About this exercise:
Reproduce only this range: the line holding "From one video, 8" through the last line of the data below, both included, exactly, with no pictures.

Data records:
»»

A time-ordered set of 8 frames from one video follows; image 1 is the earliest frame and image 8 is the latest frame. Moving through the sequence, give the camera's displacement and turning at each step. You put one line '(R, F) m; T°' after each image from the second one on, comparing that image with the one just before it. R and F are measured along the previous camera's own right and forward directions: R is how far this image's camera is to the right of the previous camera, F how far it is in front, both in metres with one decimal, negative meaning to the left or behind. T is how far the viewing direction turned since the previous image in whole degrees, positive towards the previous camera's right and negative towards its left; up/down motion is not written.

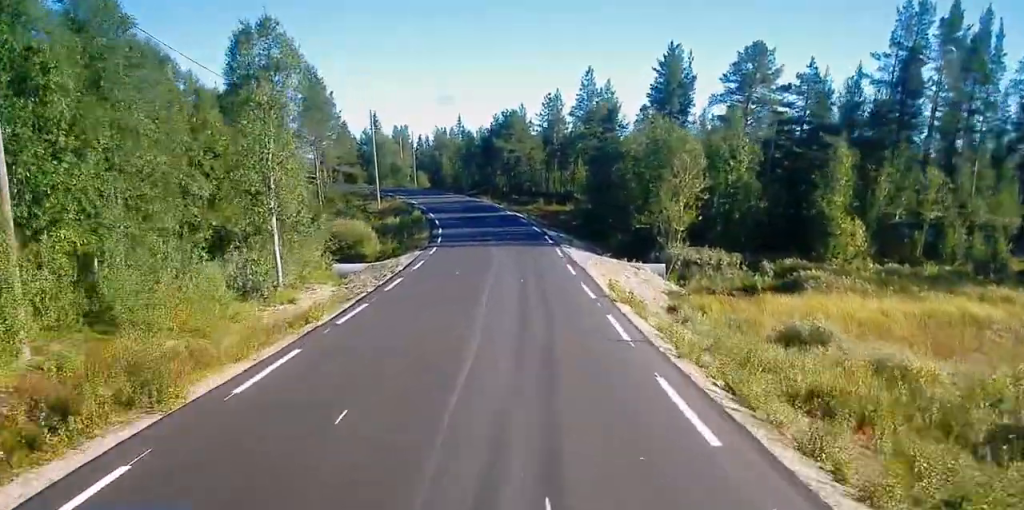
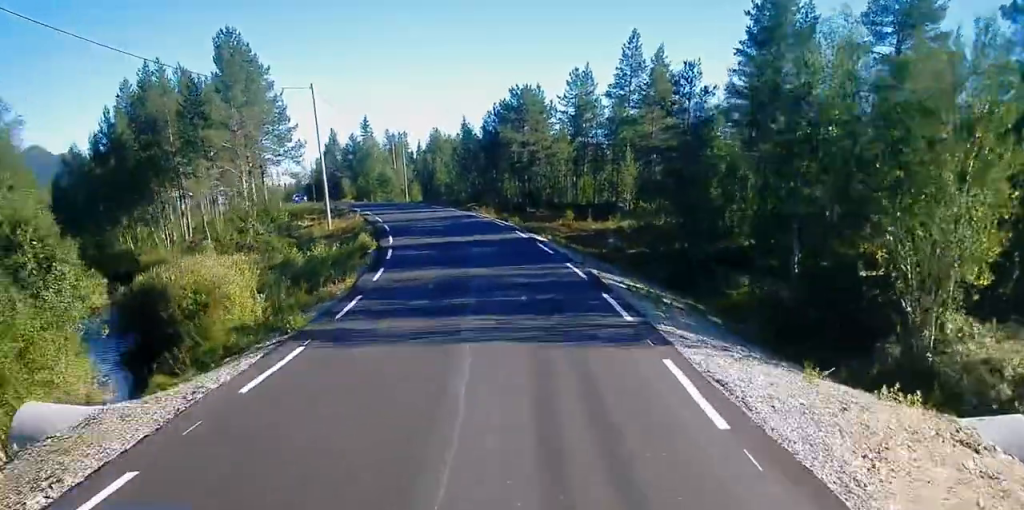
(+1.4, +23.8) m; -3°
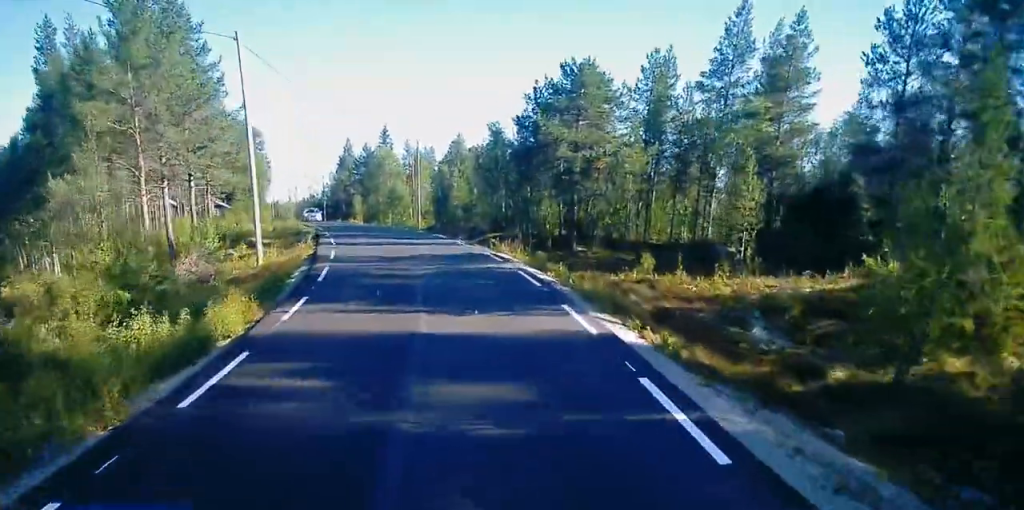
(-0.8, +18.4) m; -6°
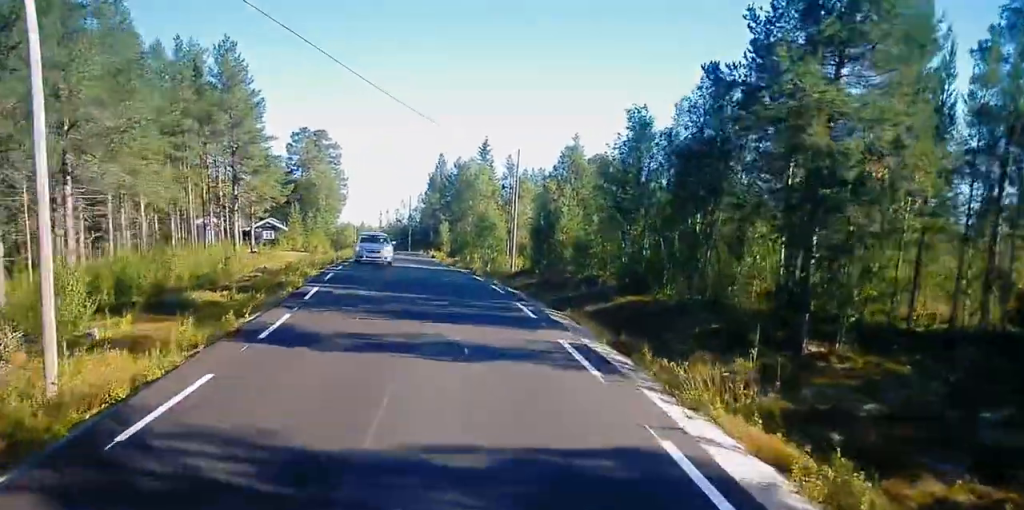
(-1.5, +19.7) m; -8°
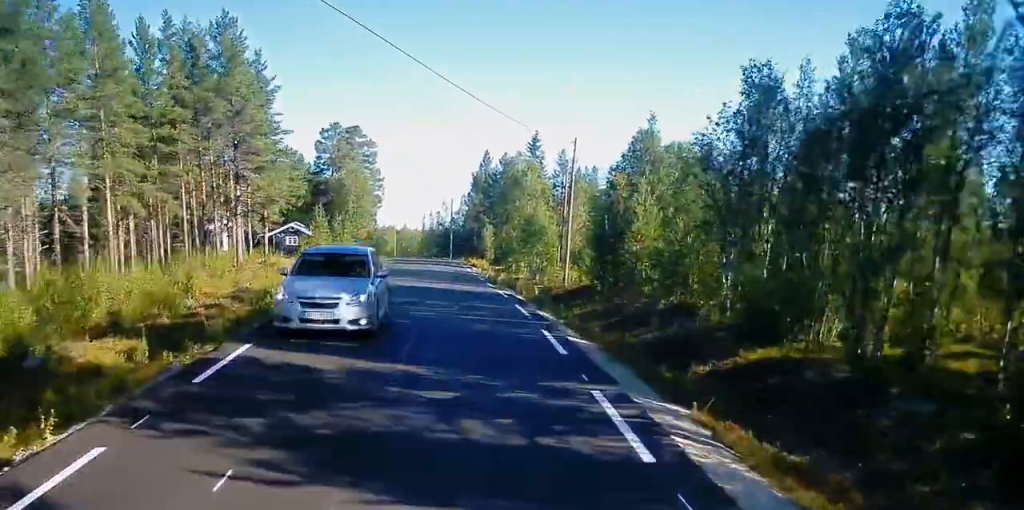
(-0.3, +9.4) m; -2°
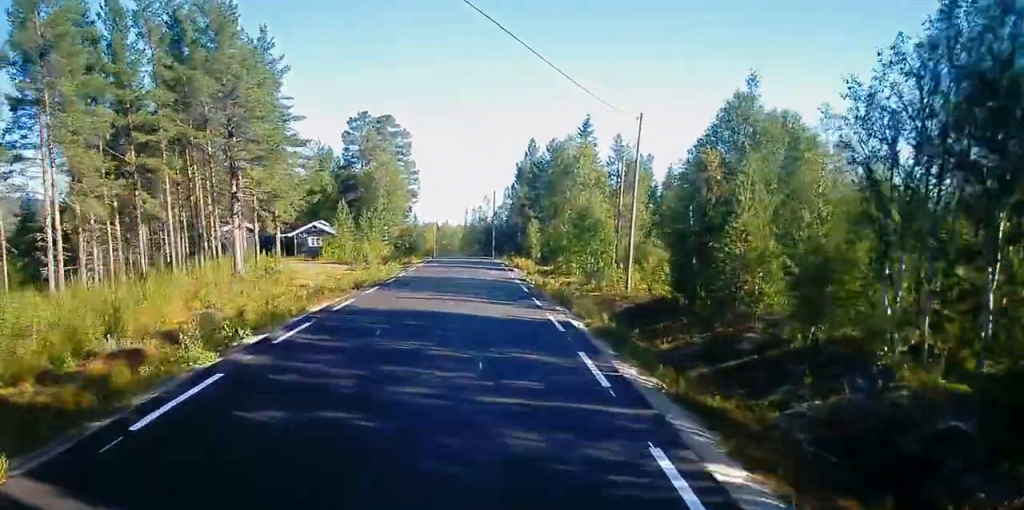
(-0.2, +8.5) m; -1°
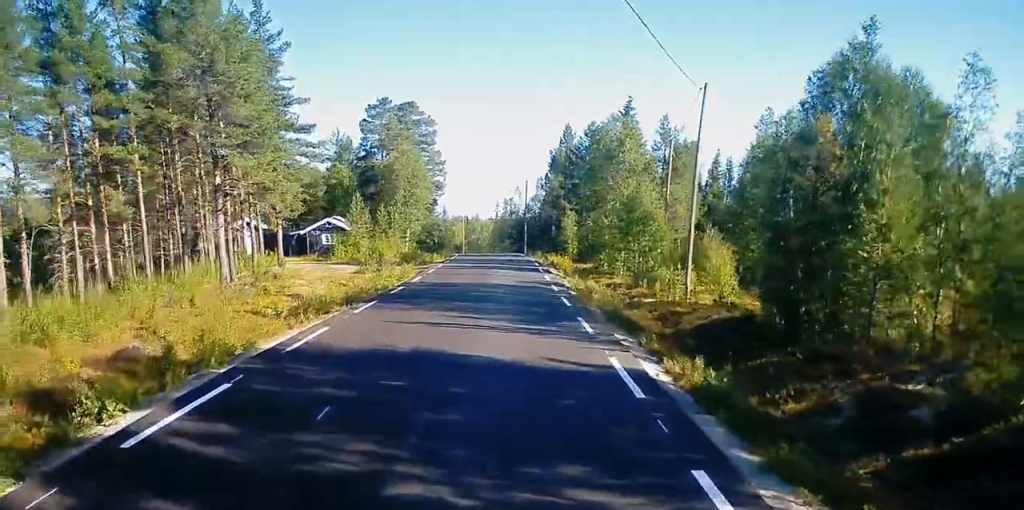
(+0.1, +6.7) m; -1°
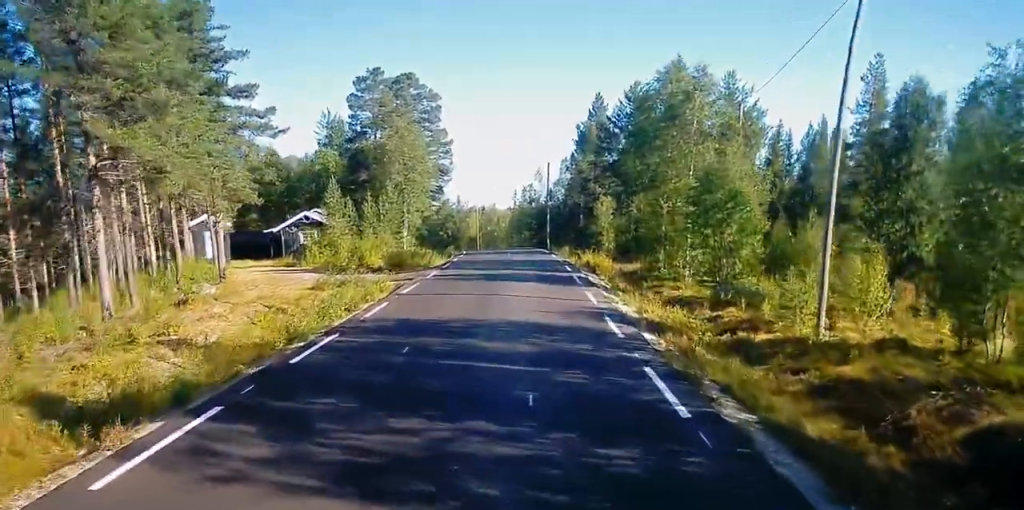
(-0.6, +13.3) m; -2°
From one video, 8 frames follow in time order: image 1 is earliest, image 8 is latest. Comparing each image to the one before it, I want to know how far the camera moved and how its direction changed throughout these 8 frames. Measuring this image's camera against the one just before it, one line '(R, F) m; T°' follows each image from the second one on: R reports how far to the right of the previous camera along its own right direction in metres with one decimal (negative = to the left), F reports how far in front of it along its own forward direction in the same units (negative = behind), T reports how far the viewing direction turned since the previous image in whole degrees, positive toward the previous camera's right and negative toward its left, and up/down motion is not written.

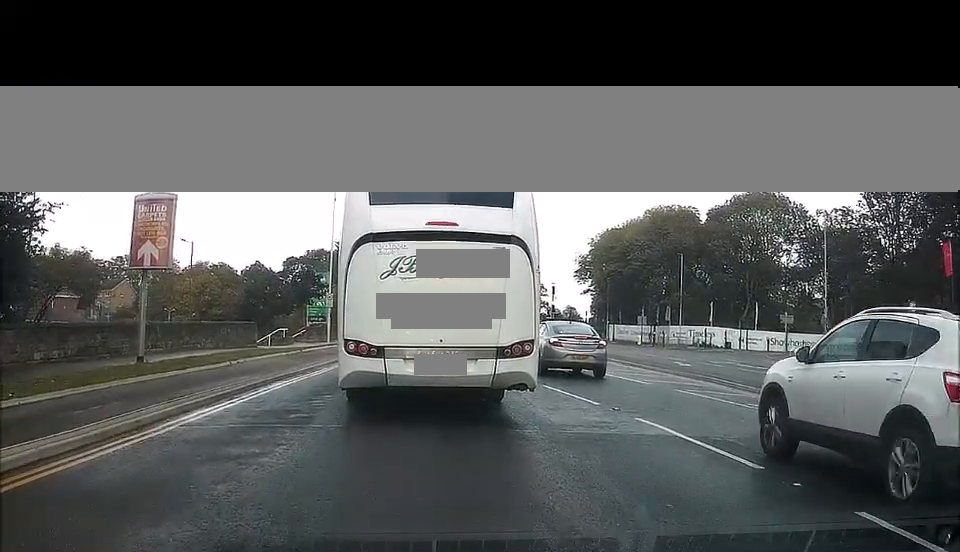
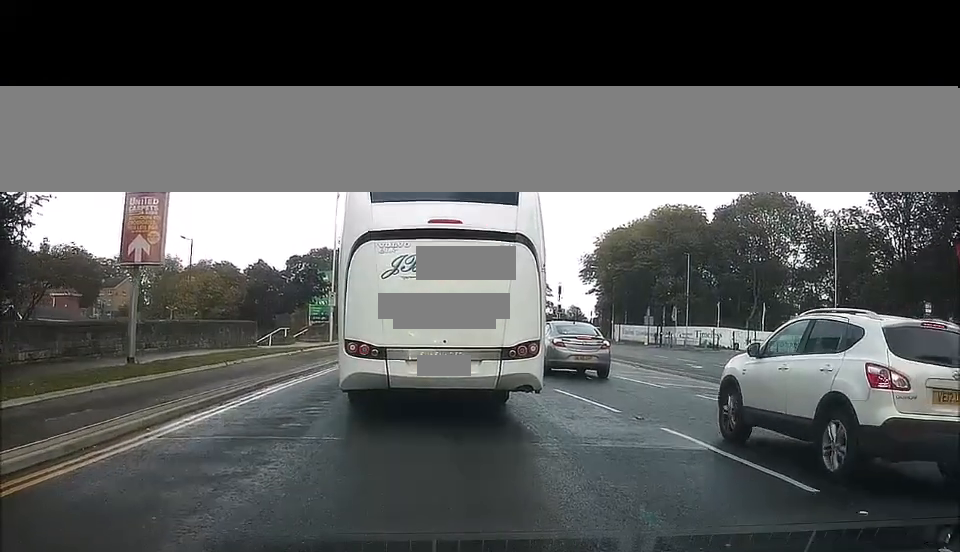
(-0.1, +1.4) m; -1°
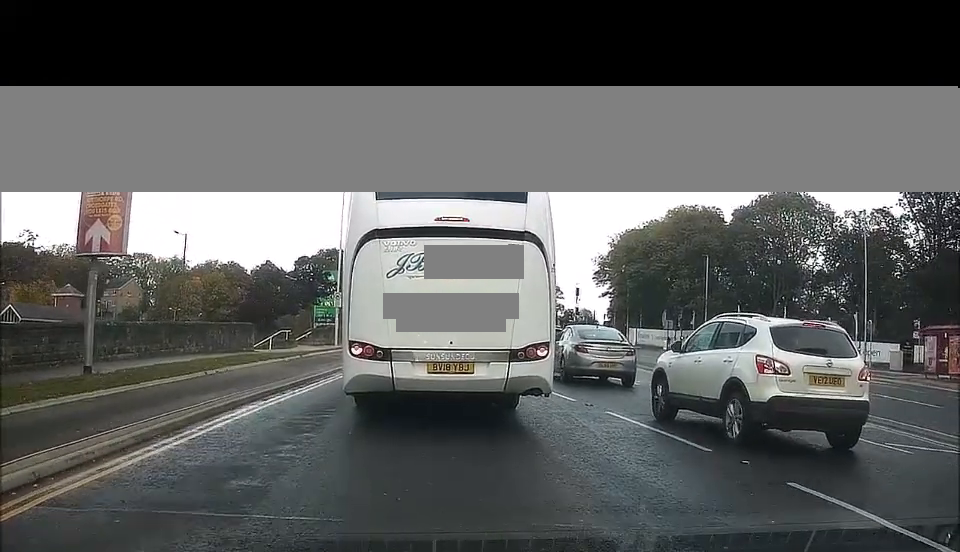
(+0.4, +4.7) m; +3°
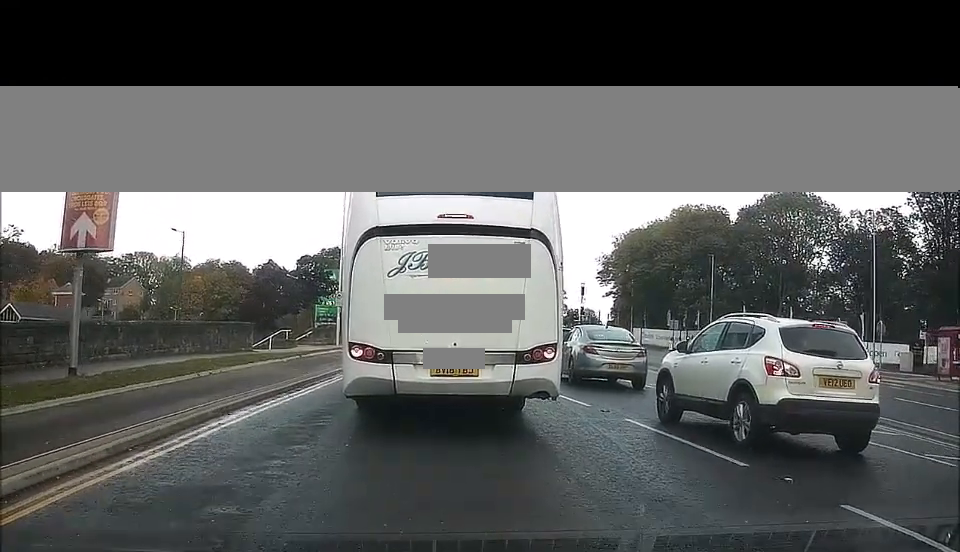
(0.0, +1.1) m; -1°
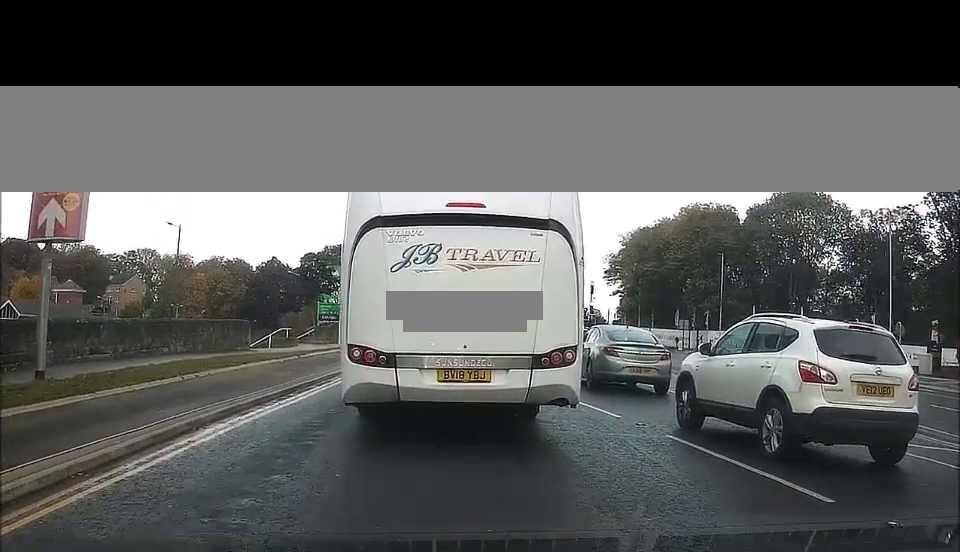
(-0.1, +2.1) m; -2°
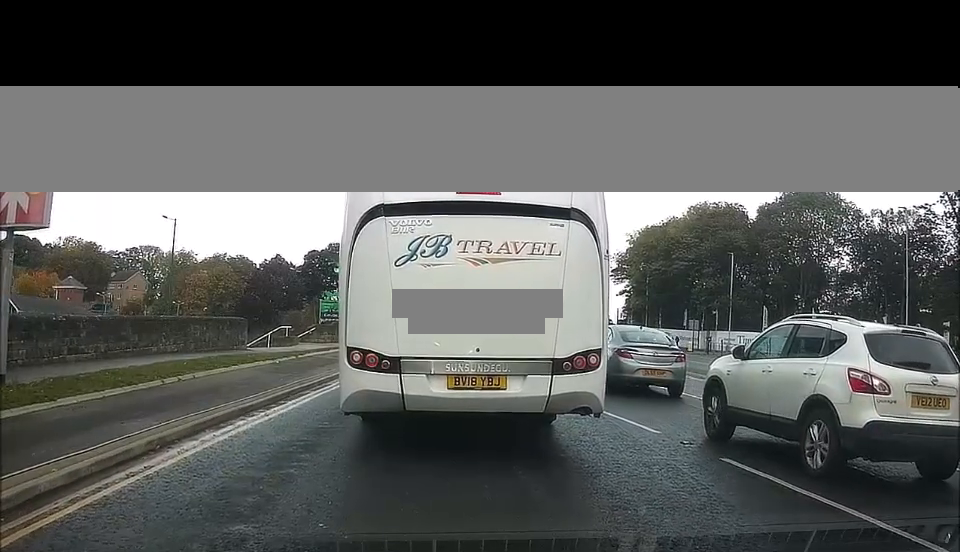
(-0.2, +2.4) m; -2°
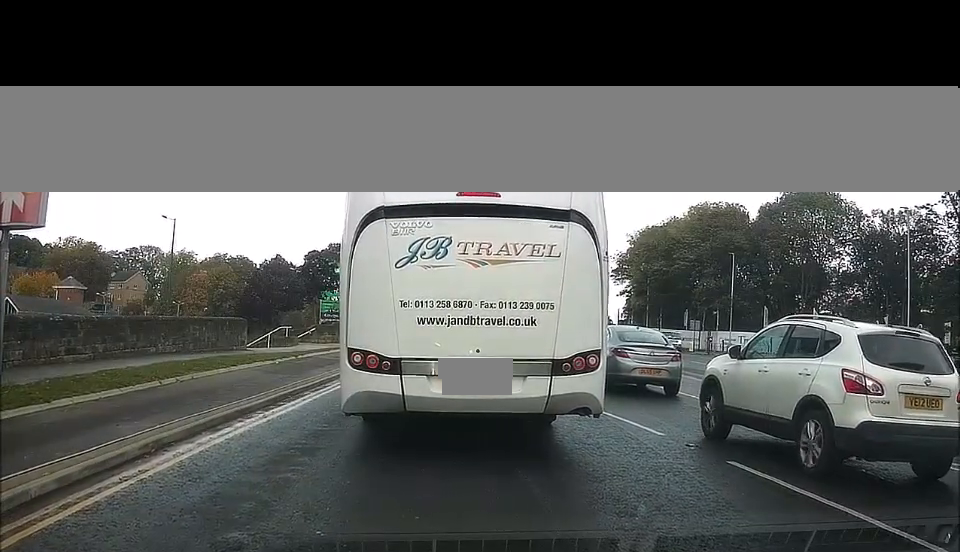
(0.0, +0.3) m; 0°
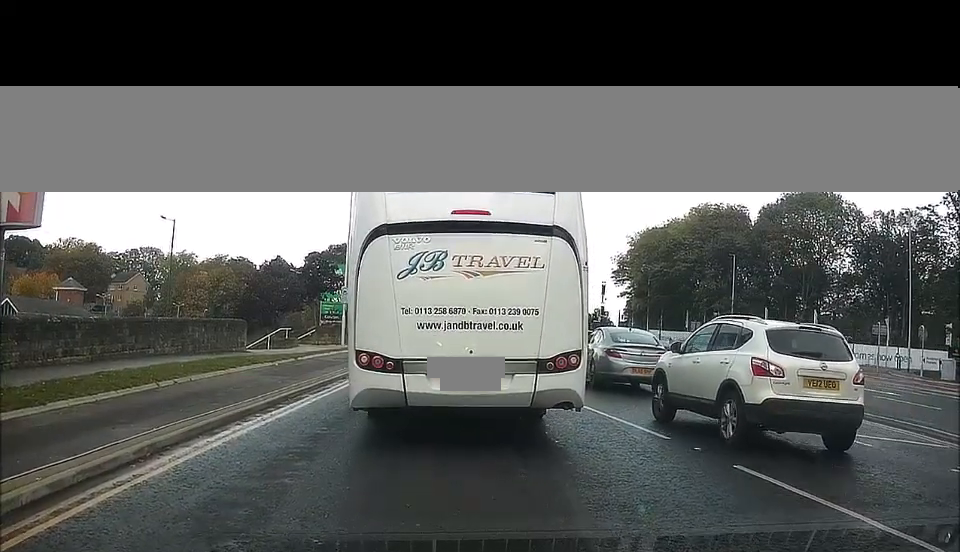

««

Answer to this problem:
From one video, 8 frames follow in time order: image 1 is earliest, image 8 is latest. Comparing each image to the one before it, I want to know how far the camera moved and how its direction changed throughout these 8 frames. Measuring this image's camera against the one just before it, one line '(R, F) m; T°' follows each image from the second one on: R reports how far to the right of the previous camera along its own right direction in metres with one decimal (negative = to the left), F reports how far in front of it along its own forward direction in the same units (negative = behind), T reports how far the viewing direction turned since the previous image in whole degrees, positive toward the previous camera's right and negative toward its left, and up/down motion is not written.

(-0.1, +1.4) m; -1°
(+0.4, +4.7) m; +3°
(0.0, +1.1) m; -1°
(-0.1, +2.1) m; -2°
(-0.2, +2.4) m; -2°
(0.0, +0.3) m; 0°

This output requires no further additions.